John Treadwell – Edmond, Oklahoma
Though not yet 40 years old, he says he’s accomplished enough to return to what feels like home and focus on his growing family while taking on a relatively modest role in municipal redevelopment. Only his role as Edmond’s commercial plan review specialist doesn’t seem that modest, there much going on in this community of 95,000, 14 miles north of Oklahoma City.
His responsibilities include working with senior leadership to develop plan-review for the Central Edmond Urban District Board as it seeks to enhance the downtown’s appeal. “The local motto is ‘A great place to grow,’” he tells Blueprint. “We take that literally.”
While he’s not in leadership per se, his input is welcomed as city bosses consider tweaking codes to allow more development while not compromising safety. He also has a role as the city targets a largely undeveloped corridor east of Interstate 35 for mixed uses. There being sparse or no utilities here, development will take time, which Treadwell has to offer.
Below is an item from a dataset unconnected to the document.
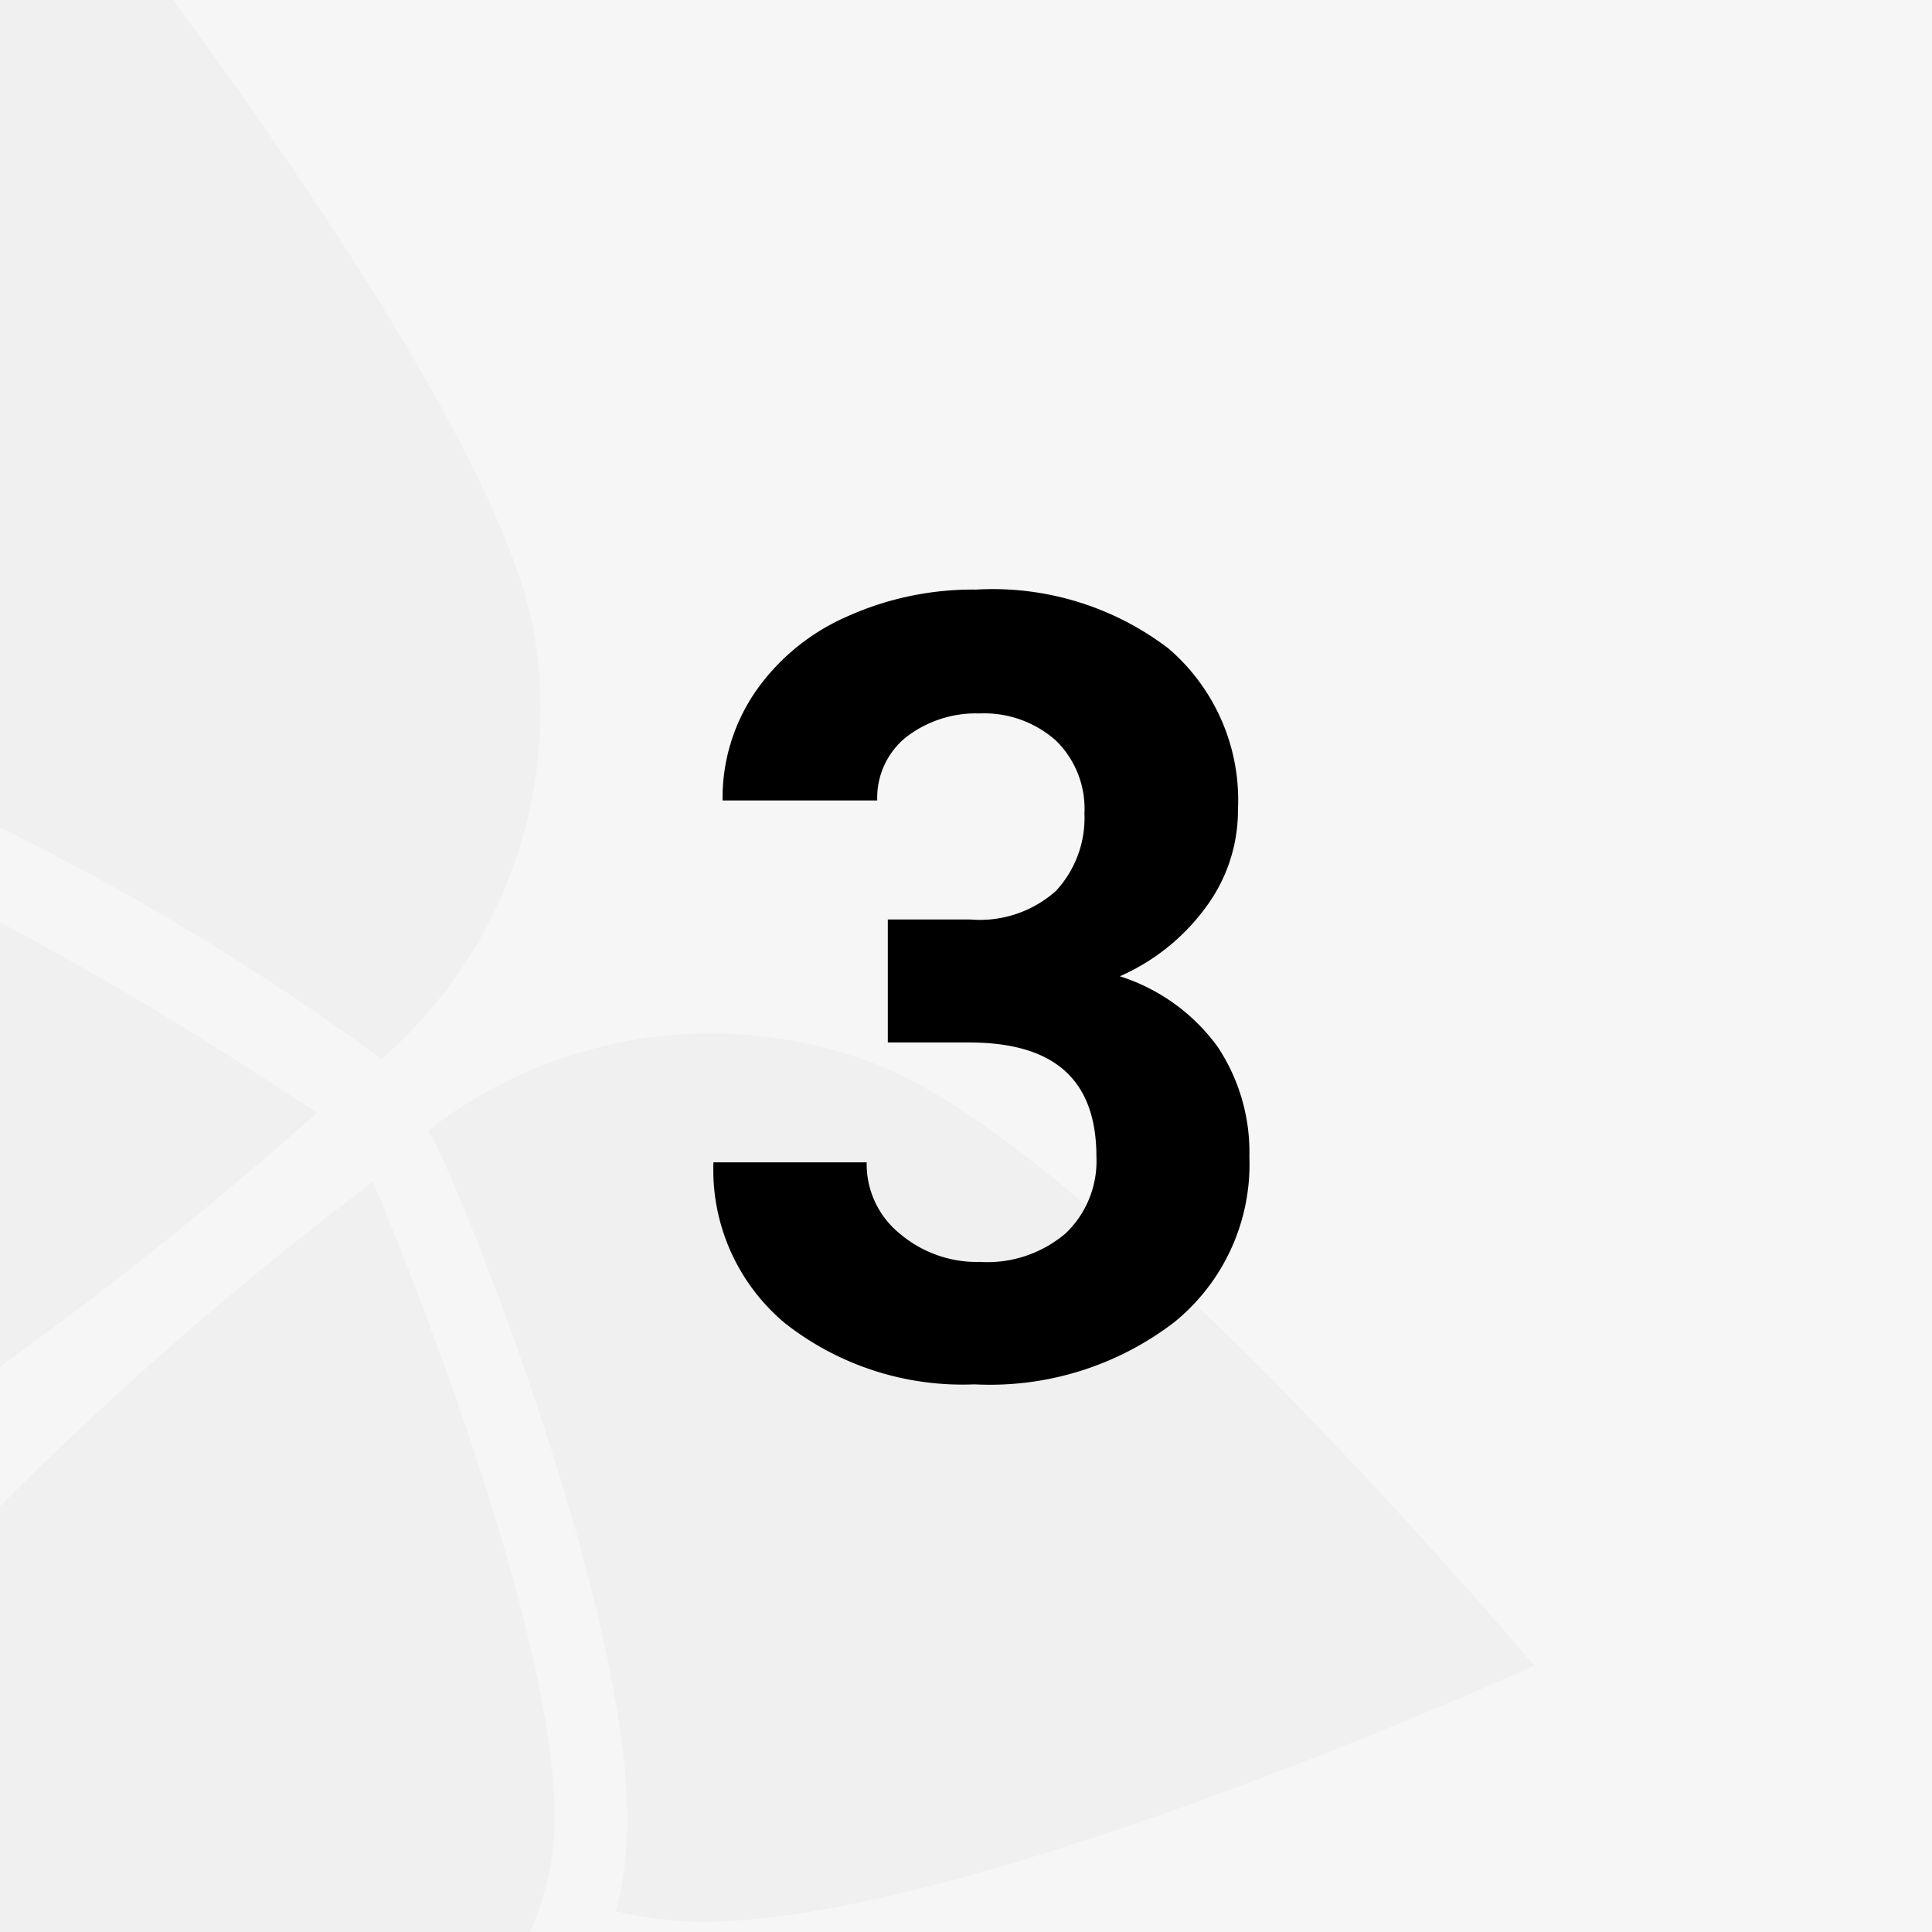 <svg xmlns="http://www.w3.org/2000/svg" width="67.7" height="67.7" viewBox="0 0 67.7 67.7"><g id="ae3f50ac-3e9b-47ad-97f3-9eedd8e7aedd" data-name="Ebene 2"><g id="e8b219f6-6b6b-44ea-95ec-01065c320701" data-name="Ebene 1"><rect width="67.7" height="67.7" style="fill:#f6f6f6"/><path d="M0,47.89A137.74,137.74,0,0,0,11.1,39S5.75,35.35,0,32.32Z" style="fill:#f0f0f0"/><path d="M0,29a88.26,88.26,0,0,1,13.37,8.11,16.2,16.2,0,0,0,5.56-12.73,16.88,16.88,0,0,0-.18-2C17.88,16.7,10.55,6.08,6.06,0H0Z" style="fill:#f0f0f0"/><path d="M0,52.78V67.7H18.59a10.94,10.94,0,0,0,.49-1.43,9,9,0,0,0,.29-1.46c.8-6.74-6.3-23.4-6.3-23.4A123.89,123.89,0,0,0,0,52.78Z" style="fill:#f0f0f0"/><path d="M30.46,37.2A16.11,16.11,0,0,0,15,39.62c.68.82,7.82,18.22,6.9,25.63A11.41,11.41,0,0,1,21.57,67h.13v0a12.82,12.82,0,0,0,1.94.3c8.84.74,30.12-8.93,30.12-8.93S38.37,40.05,30.46,37.2Z" style="fill:#f0f0f0"/><path d="M31.11,32.22H34a4,4,0,0,0,3-1,3.76,3.76,0,0,0,1-2.72,3.33,3.33,0,0,0-1-2.55A3.78,3.78,0,0,0,34.33,25a4,4,0,0,0-2.59.84,2.73,2.73,0,0,0-1,2.21H25.32a6.58,6.58,0,0,1,1.15-3.81,7.6,7.6,0,0,1,3.2-2.63,10.71,10.71,0,0,1,4.53-.95,10.15,10.15,0,0,1,6.74,2.06,7,7,0,0,1,2.44,5.66,5.68,5.68,0,0,1-1.14,3.43,7.42,7.42,0,0,1-3,2.4,6.77,6.77,0,0,1,3.42,2.46,6.66,6.66,0,0,1,1.12,3.87,7.12,7.12,0,0,1-2.63,5.79,10.61,10.61,0,0,1-7,2.18,10.08,10.08,0,0,1-6.64-2.14A7,7,0,0,1,25,40.73h5.37a3.13,3.13,0,0,0,1.15,2.49,4.18,4.18,0,0,0,2.82,1,4.24,4.24,0,0,0,3-1,3.5,3.5,0,0,0,1.08-2.69c0-2.7-1.48-4-4.46-4H31.11Z"/></g></g></svg>

“My approach for everything is through a servant’s heart,” he says. “I’m one of the many voices that shares an opinion. I just help get policies in line for their review, but still want to impact.”
He knows the score
Early on, Treadwell made an impact in this part of the Sooner State. Fresh out of Oklahoma State University in 2010 with a degree in engineering technology, he ascended the ranks during two go-arounds with a local outfit, Silvercliffe Construction Co., supervising hard hats twice his age.
While Treadwell acknowledges that’s a daunting task for any young person, he cites the many projects completed on his watch. Among them was the $12 million renovation of Taft Stadium, a facility built during the Great Depression.
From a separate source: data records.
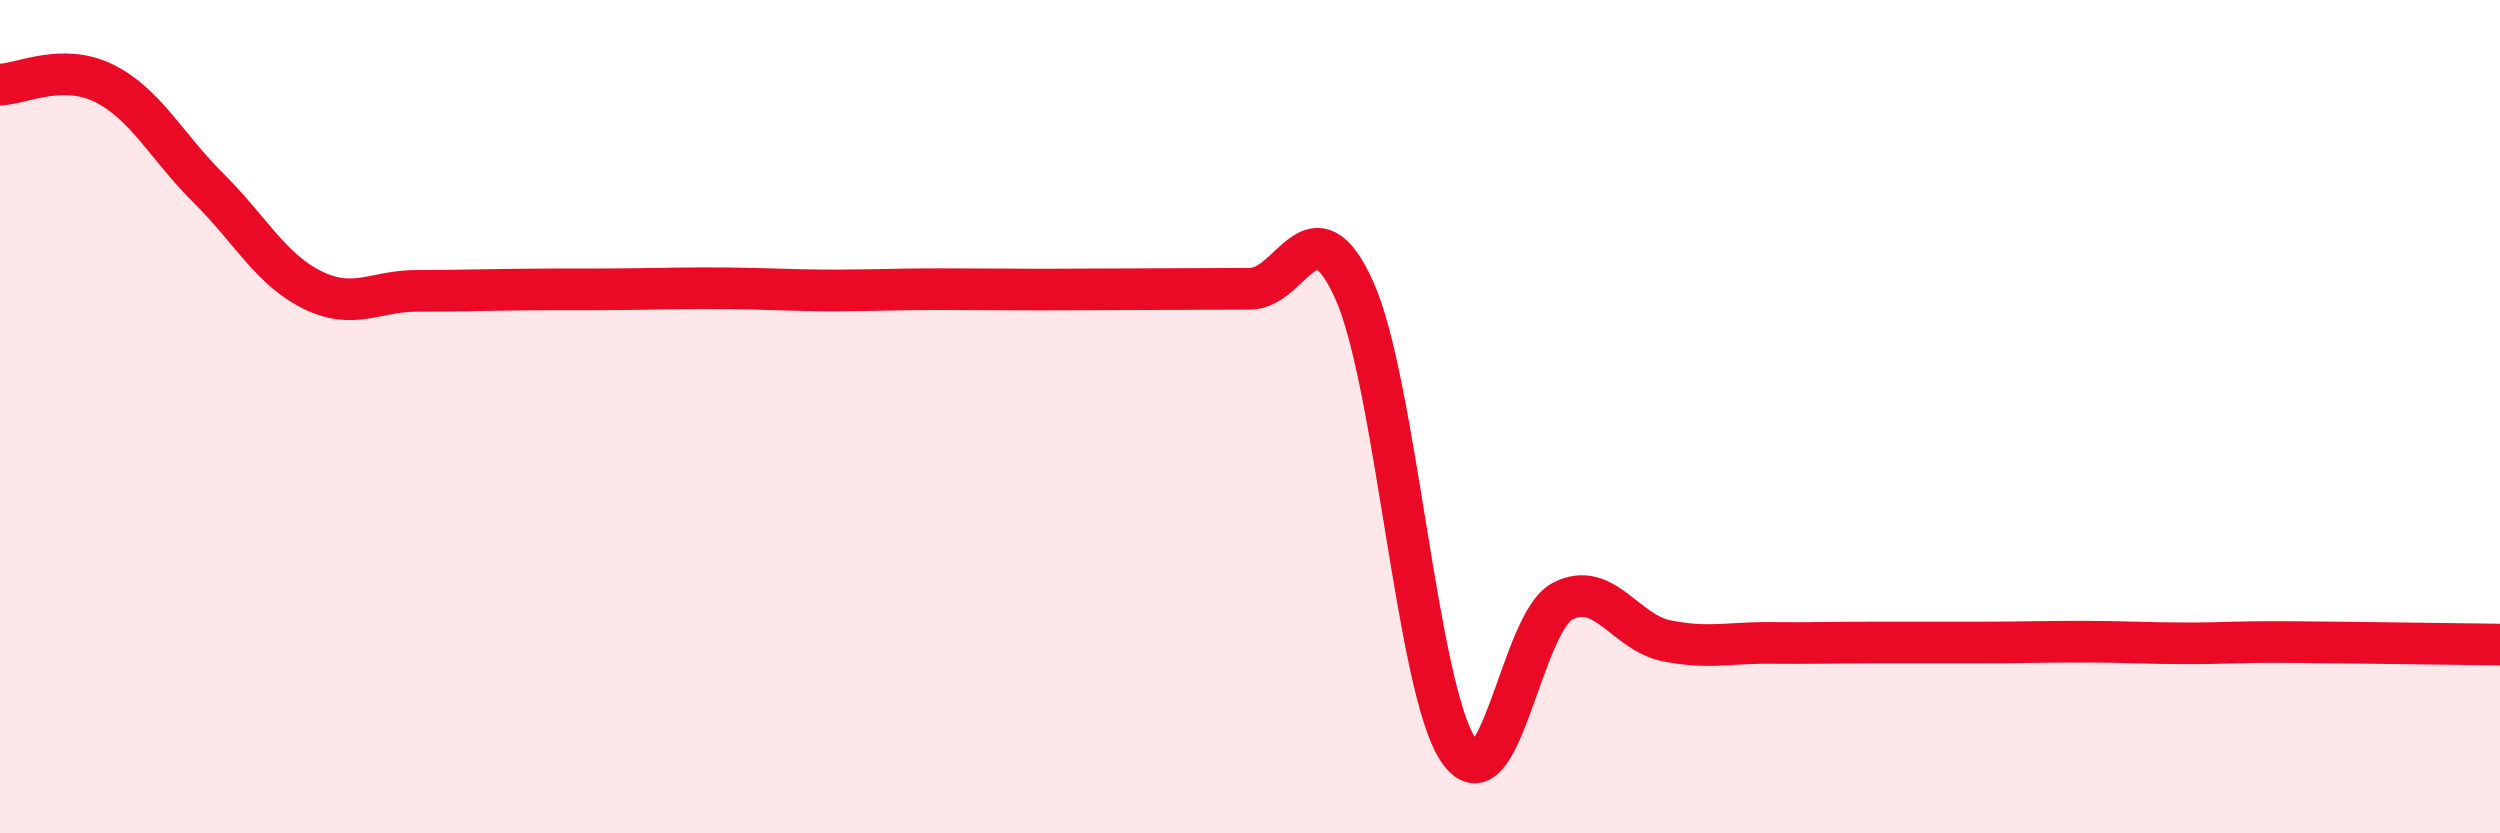 
    <svg width="60" height="20" viewBox="0 0 60 20" xmlns="http://www.w3.org/2000/svg">
      <path
        d="M 0,2.03 C 0.5,2.02 1.5,1.5 2.5,2 C 3.5,2.5 4,3.52 5,4.51 C 6,5.5 6.5,6.47 7.5,6.96 C 8.5,7.45 9,6.98 10,6.98 C 11,6.98 11.5,6.96 12.5,6.95 C 13.5,6.94 14,6.95 15,6.94 C 16,6.93 16.5,6.91 17.5,6.92 C 18.5,6.93 19,6.97 20,6.97 C 21,6.97 21.5,6.94 22.5,6.94 C 23.5,6.94 24,6.95 25,6.95 C 26,6.95 26.5,6.94 27.5,6.94 C 28.5,6.94 29,6.93 30,6.93 C 31,6.93 31.5,4.75 32.5,6.96 C 33.5,9.17 34,16.51 35,18 C 36,19.49 36.5,14.95 37.5,14.43 C 38.5,13.91 39,15.18 40,15.38 C 41,15.58 41.5,15.42 42.5,15.43 C 43.5,15.44 44,15.42 45,15.42 C 46,15.42 46.5,15.42 47.5,15.42 C 48.5,15.42 49,15.4 50,15.4 C 51,15.4 51.5,15.44 52.5,15.44 C 53.5,15.44 53.5,15.4 55,15.41 C 56.5,15.42 59,15.46 60,15.47L60 20L0 20Z"
        fill="#EB0A25"
        opacity="0.1"
        stroke-linecap="round"
        stroke-linejoin="round"
      />
      <path
        d="M 0,2.03 C 0.5,2.02 1.5,1.5 2.5,2 C 3.5,2.5 4,3.52 5,4.51 C 6,5.5 6.5,6.47 7.5,6.96 C 8.5,7.45 9,6.98 10,6.98 C 11,6.98 11.5,6.96 12.5,6.95 C 13.5,6.94 14,6.95 15,6.94 C 16,6.93 16.5,6.91 17.5,6.92 C 18.5,6.93 19,6.97 20,6.97 C 21,6.97 21.5,6.94 22.5,6.94 C 23.5,6.94 24,6.95 25,6.95 C 26,6.95 26.5,6.94 27.5,6.94 C 28.5,6.94 29,6.93 30,6.93 C 31,6.93 31.5,4.75 32.5,6.96 C 33.5,9.17 34,16.51 35,18 C 36,19.49 36.5,14.95 37.5,14.43 C 38.5,13.91 39,15.18 40,15.38 C 41,15.58 41.5,15.42 42.5,15.43 C 43.5,15.44 44,15.42 45,15.42 C 46,15.42 46.5,15.42 47.5,15.42 C 48.5,15.42 49,15.4 50,15.4 C 51,15.4 51.5,15.44 52.5,15.44 C 53.5,15.44 53.5,15.4 55,15.41 C 56.5,15.42 59,15.46 60,15.47"
        stroke="#EB0A25"
        stroke-width="1"
        fill="none"
        stroke-linecap="round"
        stroke-linejoin="round"
      />
    </svg>

With Treadwell supervising much of the groundwork and aided by the nonprofit Fields & Futures, all but Taft’s signature redstone façade was overhauled. The original 18,000-plus capacity being excessive, seating was reduced to 7,500—sufficient for high school sports as well as the United Soccer League team Oklahoma City Energy FC, which reasons suspended operations in 2021.
Then there was Treadwell leading construction crews on school renovations, some that primarily serve low-income neighborhoods. Since returning to Edmond, he’s revisited those schools and says the work has held up.
In between his Silvercliffe stints of 2010-2011 and 2013-2014, he ran his own company, TreadCo Homes, for two years. He joined the then-Oklahoma-based Soni Drive-In for a 2014-2020 stretch and when it was bought by Atlanta-based Inspire Brands, Treadwell spearheaded westward expansion that brought new franchisees from Oklahoma to California. He might still be doing it if the job hadn’t interfered with family life.
“I was constantly traveling though I didn’t want to,” Treadwell explains. “Edmond needed a plan reviewer and though it meant a pay cut, I saw it as an appropriate slowdown.”
A comfy pace
It’s a slower pace than Sonic but far from rehearsing for retirement. There’s a master plan to administer and a balance to be struck between optimizing the economic potential of Oklahoma’s fifth-largest city and preserving forest, grasslands, lake and general homespun appeal.
“We don’t want to overburden the developers,” Treadwell says. “We just need to create more space for the community to grow and incentivize developers to come in.”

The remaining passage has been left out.